--- PROBLEM DETAILS ---
Down to the last character, repeat the entries beneath this task.

THE INPUT Block Start

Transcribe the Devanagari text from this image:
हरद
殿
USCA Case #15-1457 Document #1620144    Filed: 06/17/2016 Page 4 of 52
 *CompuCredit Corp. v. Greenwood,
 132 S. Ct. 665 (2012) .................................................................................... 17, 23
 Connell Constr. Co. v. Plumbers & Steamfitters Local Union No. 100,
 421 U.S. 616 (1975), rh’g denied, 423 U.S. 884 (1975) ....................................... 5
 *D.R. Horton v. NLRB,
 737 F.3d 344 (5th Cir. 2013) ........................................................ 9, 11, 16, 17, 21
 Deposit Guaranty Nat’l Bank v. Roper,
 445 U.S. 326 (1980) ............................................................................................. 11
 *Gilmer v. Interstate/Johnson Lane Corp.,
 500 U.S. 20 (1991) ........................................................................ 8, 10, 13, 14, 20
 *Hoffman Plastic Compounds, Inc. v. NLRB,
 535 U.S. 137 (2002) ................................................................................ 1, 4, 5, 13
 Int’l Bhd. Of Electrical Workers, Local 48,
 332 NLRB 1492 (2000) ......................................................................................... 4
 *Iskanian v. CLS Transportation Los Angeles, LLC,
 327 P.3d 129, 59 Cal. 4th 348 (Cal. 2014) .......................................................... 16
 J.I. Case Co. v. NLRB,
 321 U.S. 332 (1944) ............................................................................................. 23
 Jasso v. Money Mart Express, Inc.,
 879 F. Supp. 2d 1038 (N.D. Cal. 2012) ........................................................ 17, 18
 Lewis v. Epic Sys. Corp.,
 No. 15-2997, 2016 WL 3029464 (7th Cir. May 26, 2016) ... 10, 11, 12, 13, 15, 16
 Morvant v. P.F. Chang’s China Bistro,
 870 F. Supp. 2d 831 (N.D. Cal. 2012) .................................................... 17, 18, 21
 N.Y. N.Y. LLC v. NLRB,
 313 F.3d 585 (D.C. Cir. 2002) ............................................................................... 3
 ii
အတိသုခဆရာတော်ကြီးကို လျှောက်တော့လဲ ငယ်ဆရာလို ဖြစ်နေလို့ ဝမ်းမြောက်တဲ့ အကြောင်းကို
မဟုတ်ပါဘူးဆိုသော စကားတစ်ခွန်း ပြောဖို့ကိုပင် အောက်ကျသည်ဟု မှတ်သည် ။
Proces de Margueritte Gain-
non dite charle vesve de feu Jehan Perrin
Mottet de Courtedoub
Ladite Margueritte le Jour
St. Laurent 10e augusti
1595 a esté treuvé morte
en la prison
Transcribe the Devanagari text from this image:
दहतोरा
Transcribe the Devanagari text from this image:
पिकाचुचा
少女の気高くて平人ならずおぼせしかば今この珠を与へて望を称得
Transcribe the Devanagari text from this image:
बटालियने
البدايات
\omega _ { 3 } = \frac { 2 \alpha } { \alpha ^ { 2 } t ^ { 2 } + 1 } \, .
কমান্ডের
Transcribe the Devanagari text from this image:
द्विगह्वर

THE INPUT Block End

--- SOLUTION FOR THIS EXERCISE ---
Transcribe the Devanagari text from this image:
हरद
殿
USCA Case #15-1457 Document #1620144    Filed: 06/17/2016 Page 4 of 52
 *CompuCredit Corp. v. Greenwood,
 132 S. Ct. 665 (2012) .................................................................................... 17, 23
 Connell Constr. Co. v. Plumbers & Steamfitters Local Union No. 100,
 421 U.S. 616 (1975), rh’g denied, 423 U.S. 884 (1975) ....................................... 5
 *D.R. Horton v. NLRB,
 737 F.3d 344 (5th Cir. 2013) ........................................................ 9, 11, 16, 17, 21
 Deposit Guaranty Nat’l Bank v. Roper,
 445 U.S. 326 (1980) ............................................................................................. 11
 *Gilmer v. Interstate/Johnson Lane Corp.,
 500 U.S. 20 (1991) ........................................................................ 8, 10, 13, 14, 20
 *Hoffman Plastic Compounds, Inc. v. NLRB,
 535 U.S. 137 (2002) ................................................................................ 1, 4, 5, 13
 Int’l Bhd. Of Electrical Workers, Local 48,
 332 NLRB 1492 (2000) ......................................................................................... 4
 *Iskanian v. CLS Transportation Los Angeles, LLC,
 327 P.3d 129, 59 Cal. 4th 348 (Cal. 2014) .......................................................... 16
 J.I. Case Co. v. NLRB,
 321 U.S. 332 (1944) ............................................................................................. 23
 Jasso v. Money Mart Express, Inc.,
 879 F. Supp. 2d 1038 (N.D. Cal. 2012) ........................................................ 17, 18
 Lewis v. Epic Sys. Corp.,
 No. 15-2997, 2016 WL 3029464 (7th Cir. May 26, 2016) ... 10, 11, 12, 13, 15, 16
 Morvant v. P.F. Chang’s China Bistro,
 870 F. Supp. 2d 831 (N.D. Cal. 2012) .................................................... 17, 18, 21
 N.Y. N.Y. LLC v. NLRB,
 313 F.3d 585 (D.C. Cir. 2002) ............................................................................... 3
 ii
အတိသုခဆရာတော်ကြီးကို လျှောက်တော့လဲ ငယ်ဆရာလို ဖြစ်နေလို့ ဝမ်းမြောက်တဲ့ အကြောင်းကို
မဟုတ်ပါဘူးဆိုသော စကားတစ်ခွန်း ပြောဖို့ကိုပင် အောက်ကျသည်ဟု မှတ်သည် ။
Proces de Margueritte Gain-
non dite charle vesve de feu Jehan Perrin
Mottet de Courtedoub
Ladite Margueritte le Jour
St. Laurent 10e augusti
1595 a esté treuvé morte
en la prison
Transcribe the Devanagari text from this image:
दहतोरा
Transcribe the Devanagari text from this image:
पिकाचुचा
少女の気高くて平人ならずおぼせしかば今この珠を与へて望を称得
Transcribe the Devanagari text from this image:
बटालियने
البدايات
\omega _ { 3 } = \frac { 2 \alpha } { \alpha ^ { 2 } t ^ { 2 } + 1 } \, .
কমান্ডের
Transcribe the Devanagari text from this image:
द्विगह्वर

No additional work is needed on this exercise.